From: Paul Ripke <stix@stix.id.au>
To: Manuel Bouyer <bouyer@antioche.eu.org>,
	Quentin Garnier <cube@cubidou.net>
Cc: gnats-bugs@NetBSD.org, port-xen@NetBSD.org
Subject: Re: port-xen/30977: FPU troubles
Date: Mon, 19 Dec 2005 09:34:01 +1100

 OK, I've had a closer look at this, and come up with the included patch,
 which appears to work fine for me, with threaded and non-threaded 
 programs.
 I can't repeat the behaviour of the FPU state being not being restored,
 restored to the wrong thread, or wiped.
 
 Thoughts behind the patch:
 - since clts() is a no-op under xen 2 (in xen 3, 
 HYPERVISOR_fpu_taskswitch
    takes an int parameter allowing set/clear), it makes no sense to 
 stts()
    inside the DNA handler. We can't clear it again.

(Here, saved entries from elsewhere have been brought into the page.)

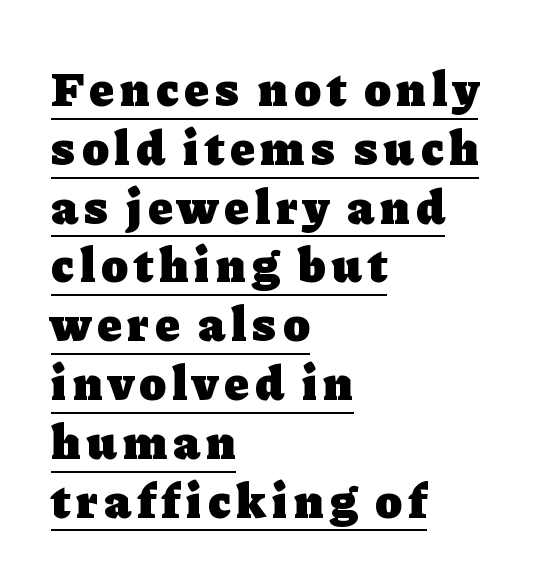
Q: Is the text bold? A: Yes.
Q: Is the text italic (slanted)? A: No, it is upright.
Q: Is the typeface a serif or a sans-serif typeface? A: Serif.
Q: Is the text underlined? A: Yes.
Q: How is the paragraph aligned? A: Left-aligned.
Q: Width (condensed, normal, or wide)? A: Normal.
Q: Stroke contrast? A: Low.
Q: x-height? A: Medium.
Q: Monospaced? A: No.
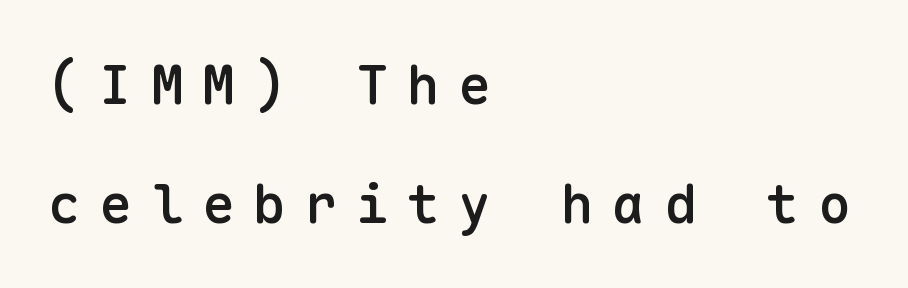
Q: Is the text bold? A: Semi-bold.
Q: Is the text italic (slanted)? A: No, it is upright.
Q: Is the typeface a serif or a sans-serif typeface? A: Sans-serif.
Q: Is the text underlined? A: No.
Q: How is the paragraph aligned? A: Left-aligned.
Q: Is the spacing between letters normal or unusually wide? A: Unusually wide.
Q: Is the spacing between lines tight, normal or loose? A: Loose.
Q: Width (condensed, normal, or wide)? A: Normal.
Q: Stroke contrast? A: Low.
Q: x-height? A: Medium.
Q: Monospaced? A: Yes.
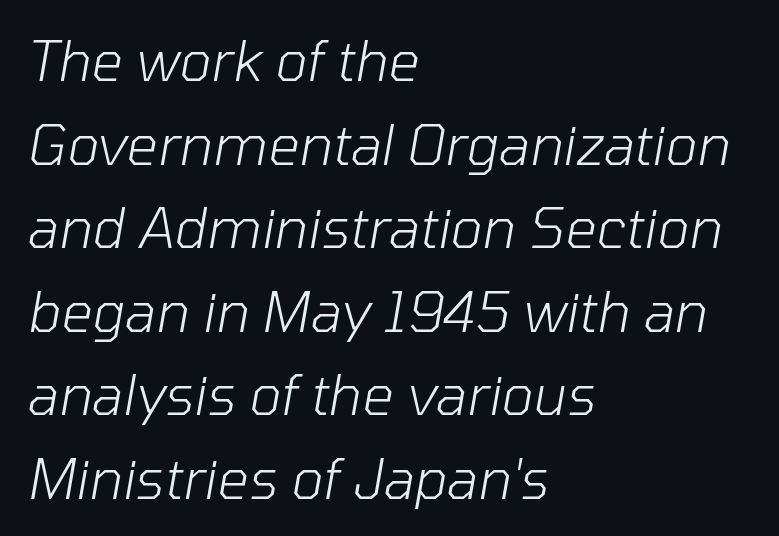
Proportional: the letters do not fall into vertical columns. The passage shown is not underscored anywhere. Default kerning and tracking; the words read as compact shapes. No extra ink here — the face is not bold.
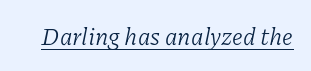
Q: Is the text bold? A: No.
Q: Is the text italic (slanted)? A: Yes, it leans right by about 11 degrees.
Q: Is the text underlined? A: Yes.
Q: Is the spacing between letters normal or unusually wide? A: Normal.
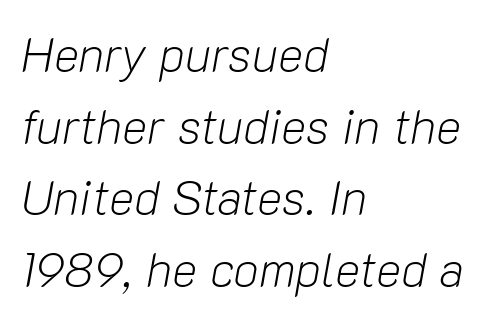
Just letters on the line, the space beneath them empty. This rendering leaves character spacing at its baseline value. The letters advance in unequal steps, a hallmark of proportional type. All the whitespace from short lines collects on the right. The face looks like a standard text weight, possibly lighter. Regular leading.
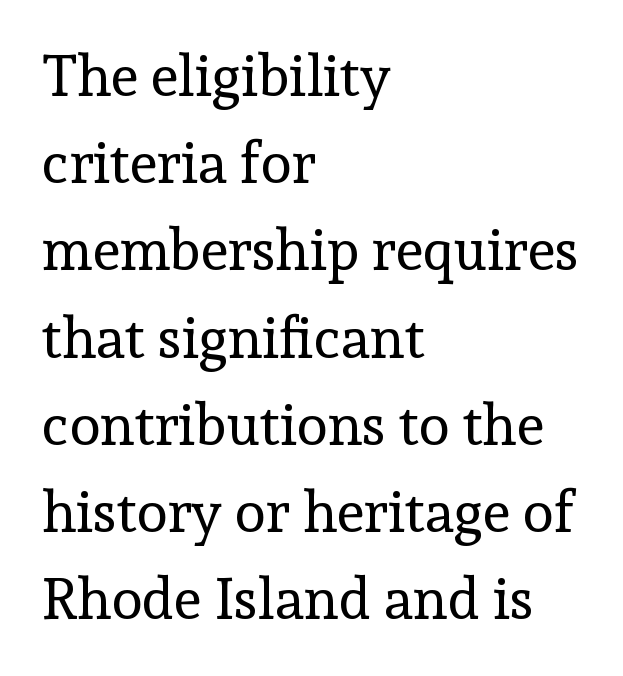
The image shows 57 px regular-weight serif type, upright; set left-aligned, normal line spacing (1.53x), normal letter spacing, not underlined; a medium x-height.
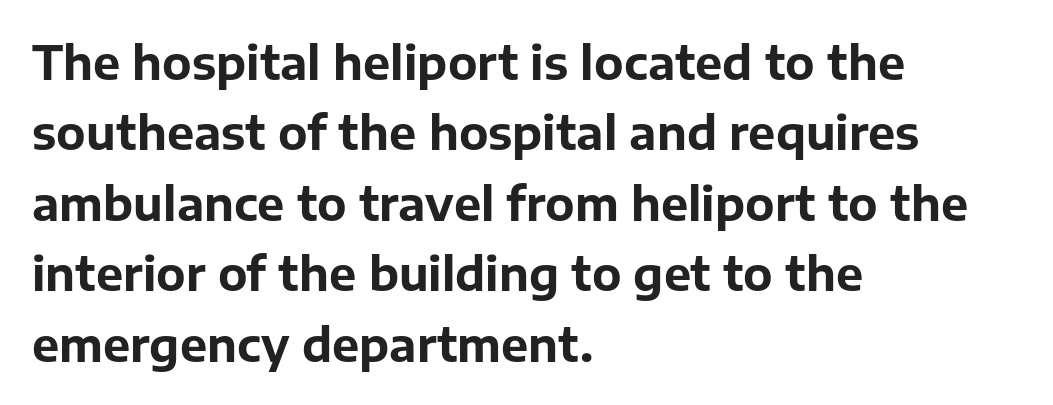
The image shows 46 px bold sans-serif type, upright; set left-aligned, normal line spacing (1.53x), normal letter spacing, not underlined; low stroke contrast and a medium x-height.
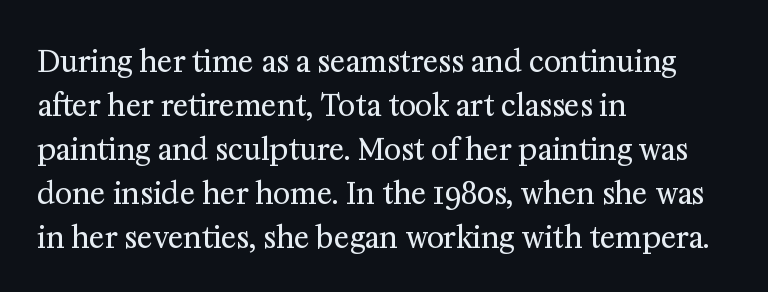
Q: Is the text bold? A: No.
Q: Is the text italic (slanted)? A: No, it is upright.
Q: Is the typeface a serif or a sans-serif typeface? A: Serif.
Q: Is the text underlined? A: No.
Q: How is the paragraph aligned? A: Left-aligned.
Q: Is the spacing between letters normal or unusually wide? A: Normal.
Q: Is the spacing between lines tight, normal or loose? A: Normal.
Q: Width (condensed, normal, or wide)? A: Normal.
Q: Stroke contrast? A: Medium.
Q: x-height? A: Medium.
Q: Monospaced? A: No.
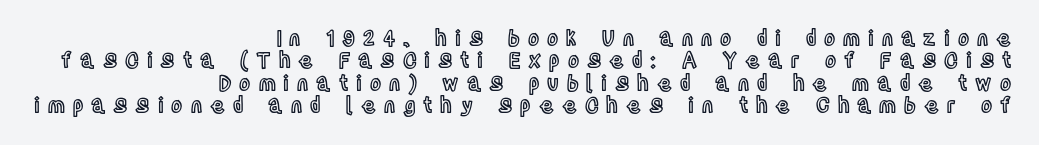
{"italic": "no", "underline": "no", "align": "right", "line_spacing": "tight", "line_spacing_ratio": 1.06, "letter_spacing": "wide", "letter_spacing_em": 0.38, "glyph_px": 21}
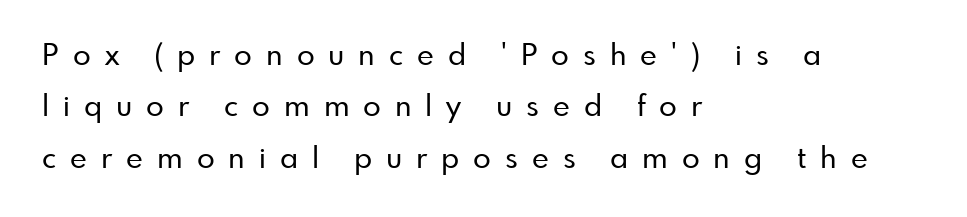
The image shows 29 px sans-serif type, upright; set left-aligned, line spacing 1.77x, unusually wide letter spacing (+0.48 em), not underlined; low stroke contrast and a small x-height.
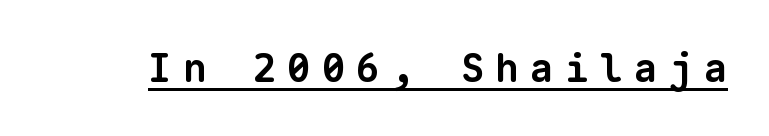
The rendering uses the underline text-decoration. In terms of weight, the rendering is a true, heavy bold. The type is letterspaced generously, with wide tracking. Nothing sits at the stroke ends, so this counts as sans-serif. Looks like terminal output: every glyph gets an equal slot.
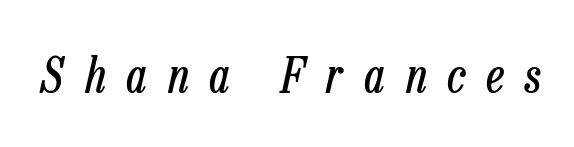
The image shows 48 px regular-weight, condensed type, italic (leaning right); set unusually wide letter spacing (+0.44 em), not underlined; low stroke contrast and a medium x-height.
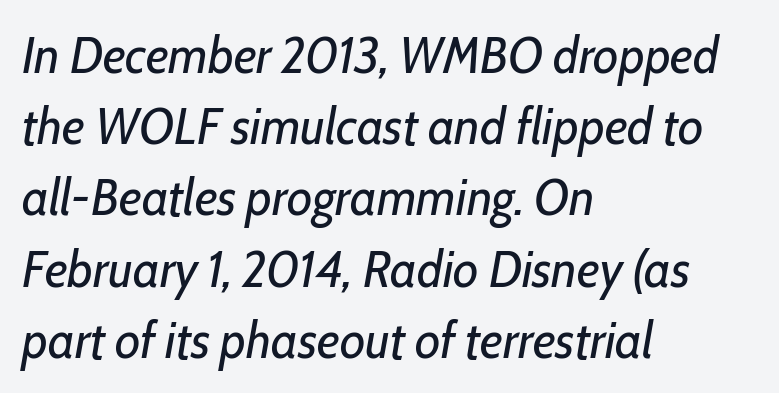
{"italic": "yes", "lean": "right", "slant_degrees": 10, "bold": "no", "weight": "regular", "width": "condensed", "stroke_contrast": "low", "x_height": "medium", "monospaced": "no", "underline": "no", "align": "left", "line_spacing": "normal", "line_spacing_ratio": 1.37, "letter_spacing": "normal", "letter_spacing_em": 0.0, "glyph_px": 52}

 - I don't get the npxsave_lwp() calls in the DNA handler. On SMP, it's
    used to dump an LWP's FPU state from a different CPU. On a 
 uniprocessor,
    the FPU state has already been dumped by npxsave_cpu(). SMP support 
 isn't
    relevant for xen 2.
 
 Anyway, please test the patch and see how it goes. I note that my sound
 (SBlive) is still crook, looks like another bug.
 
 Index: sys/arch/xen/i386/machdep.c
 ===================================================================
 RCS file: /export/netbsd/cvsroot/src/sys/arch/xen/i386/machdep.c,v
 retrieving revision 1.13.2.3
 diff -u -d -b -w -r1.13.2.3 machdep.c
 --- sys/arch/xen/i386/machdep.c	25 Aug 2005 20:16:21 -0000	1.13.2.3
 +++ sys/arch/xen/i386/machdep.c	18 Dec 2005 08:00:53 -0000
 @@ -1,4 +1,4 @@
 -/*	$NetBSD$	*/
 +/*	$NetBSD: machdep.c,v 1.13.2.3 2005/08/25 20:16:21 tron Exp $	*/
   /*	NetBSD: machdep.c,v 1.559 2004/07/22 15:12:46 mycroft Exp 	*/
 
   /*-
 @@ -73,7 +73,7 @@
    */
 
   #include <sys/cdefs.h>
 -__KERNEL_RCSID(0, "$NetBSD$");
 +__KERNEL_RCSID(0, "$NetBSD: machdep.c,v 1.13.2.3 2005/08/25 20:16:21 
 tron Exp $");
 
   #include "opt_beep.h"
   #include "opt_compat_ibcs2.h"
 @@ -1174,8 +1174,10 @@
 
   #if NNPX > 0
   	/* If we were using the FPU, forget about it. */
 -	if (l->l_addr->u_pcb.pcb_fpcpu != NULL)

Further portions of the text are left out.